The next day after making my first sale there, I was walking down street, and when passing a store room a gentleman came to the door and said:

"You're just the man that ought to buy me out and sell the goods at auction."

"What have you got?"

"I have everything--boots, shoes, suits of clothes, overcoats, dishes, notions and I don't know what I haven't got."

I asked his reason for selling. He replied that it was a stock that had gone through a fire, and he had bought it for a few hundred dollars and was then six hundred dollars ahead, and would sell the balance cheap. I stepped inside and after glancing over the stock asked his price.

"Six hundred dollars."

"I'll give you just twenty-five per cent. of that, and no more," and started to walk out.

"I'll take two hundred fifty."

"No sir," taking a roll of money from my pocket and showing it to him, "one hundred and fifty, and your cash in your fingers."

"All right, count it out."

"But step to the Recorder's office and assure me that there is no mortgage on your stock and that it belongs to you, and after giving me a bill of sale your money is ready."

He did so, and I made the purchase.

In this stock was a quantity of paper cambric of all colors, and when the firemen were trying to put out the fire they had deluged it, and the result was that the water had soaked through it and had carried with it all the colors, leaving each piece variegated.

I was at a loss to know what to do with it, and finally concluded to cut it up into dress patterns of sixteen and two-thirds yards and then give one pattern away with each dollar sale that evening when I sold at auction.

That night, before opening my sale, I picked up one of the pieces, and handing one end of it to a boy, requested him to run down the street with it till he got it all straightened out. While the boy was holding to one end and I to the other, I went on and explained that I had that day bought out Mr. ----, and as I had no knowledge of the dry-goods business and couldn't tell a piece of calico from an Irish tarpaulin, that they must not blame me if I sold them silk for Canton flannel.

Besides the paper cambric I had a lot of other pieces of dress goods, which were in good shape and which I intended to sell to the highest bidder.

Just as I was about to inaugurate my gift enterprise scheme, some gentleman of German descent cried out in broken English:

"Swei dollar."

I at once yelled:

"Sold for two dollars, and who will have the next sixteen and two-thirds yards for two dollars?"

"I'll take 'em," "I'll take 'em," "Here," "Here," "Give me one," "Give me one," they all shouted at once, and the two-dollars were as thick as hailstones in less than a second.
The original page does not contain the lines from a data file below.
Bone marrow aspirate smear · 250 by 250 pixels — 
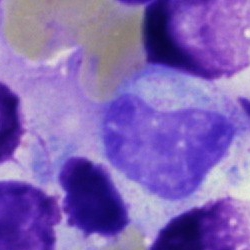Classification = metamyelocyte.
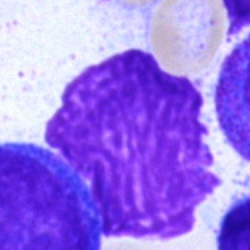
The cell is artefact.
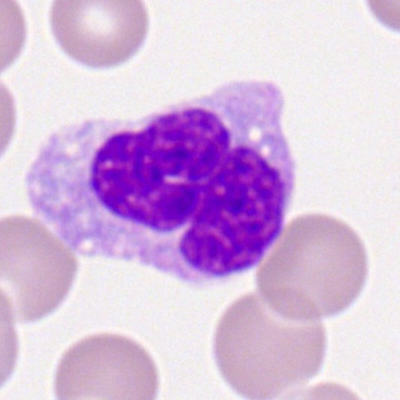This is a monocyte.
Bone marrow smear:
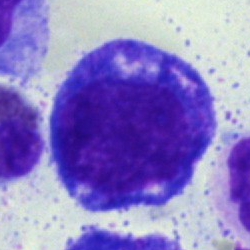 Classification: promyelocyte.
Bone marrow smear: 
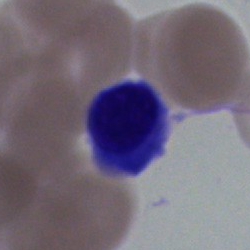The cell is nucleated red blood cell.
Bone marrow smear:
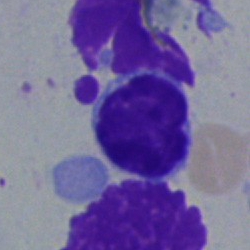 This is a lymphocyte.
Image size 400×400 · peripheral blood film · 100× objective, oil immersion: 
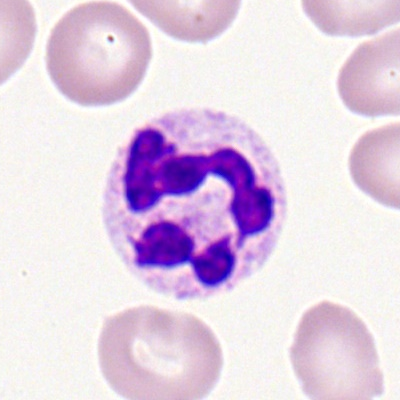

Showing a polymorphonuclear neutrophil.
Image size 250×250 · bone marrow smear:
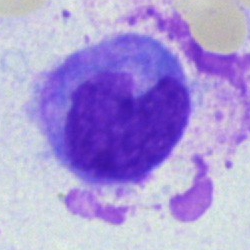The classification is monocyte.
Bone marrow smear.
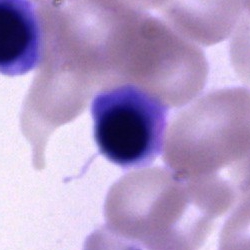
This is an unidentifiable cell.
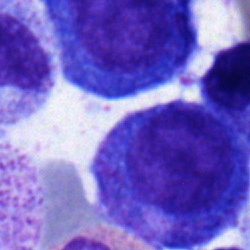 Specimen: bone marrow smear.
Classification: promyelocyte.
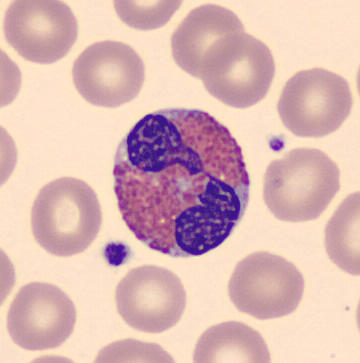
Morphological class: eosinophil.
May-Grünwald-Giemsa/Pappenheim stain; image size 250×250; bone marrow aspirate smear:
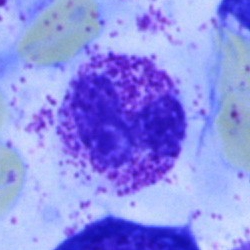
The cell shown is a polymorphonuclear neutrophil.
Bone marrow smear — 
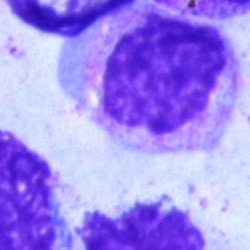

Morphological class = myelocyte.
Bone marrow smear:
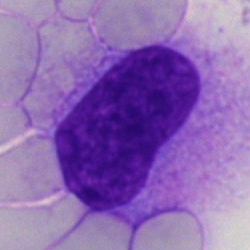 An artefact.
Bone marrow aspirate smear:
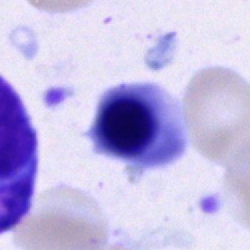

Q: Identify the cell.
A: An erythroblast.
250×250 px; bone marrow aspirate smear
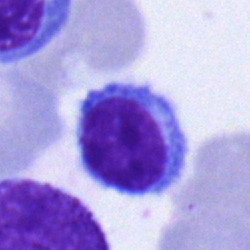 Q: What is the morphological classification of this cell?
A: Typical lymphocyte.
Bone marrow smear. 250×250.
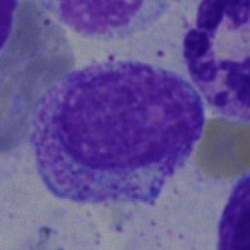
Cell = myelocyte.
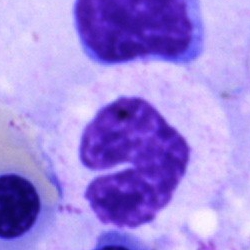 Specimen: bone marrow smear.
Morphological class: unidentifiable cell.
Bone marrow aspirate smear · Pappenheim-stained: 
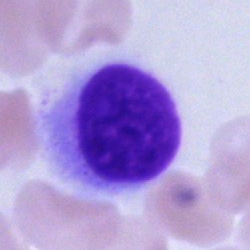 The morphological class is artifact.
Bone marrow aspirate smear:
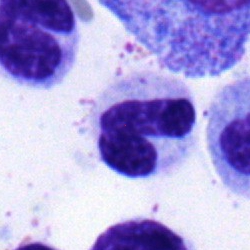Specimen: bone marrow smear.
Cell: stab cell.
Lineage: myeloid.
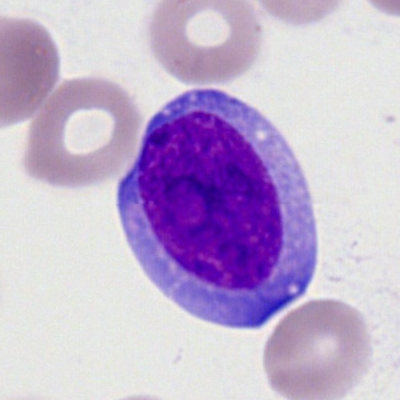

I stood there and tossed out the dress patterns and caught their two-dollar bills and silver pieces like a Chinese juggler. After I had cleaned out every dollar's worth of the cambric I said:

"Gentlemen, I am going to be frank with you now, and advise you not to represent to your wives that you have any great bargain in these dress patterns, for they may be better posted than any of us are. But I'll tell you what I'll do, boys. If you are dissatisfied now I'll give you two dollars' worth of any other goods I have, and take the dress patterns back; or if your wives are not satisfied they can come to the store to-morrow at ten o'clock and I'll give them two dollars' worth of any goods I have in exchange for the patterns."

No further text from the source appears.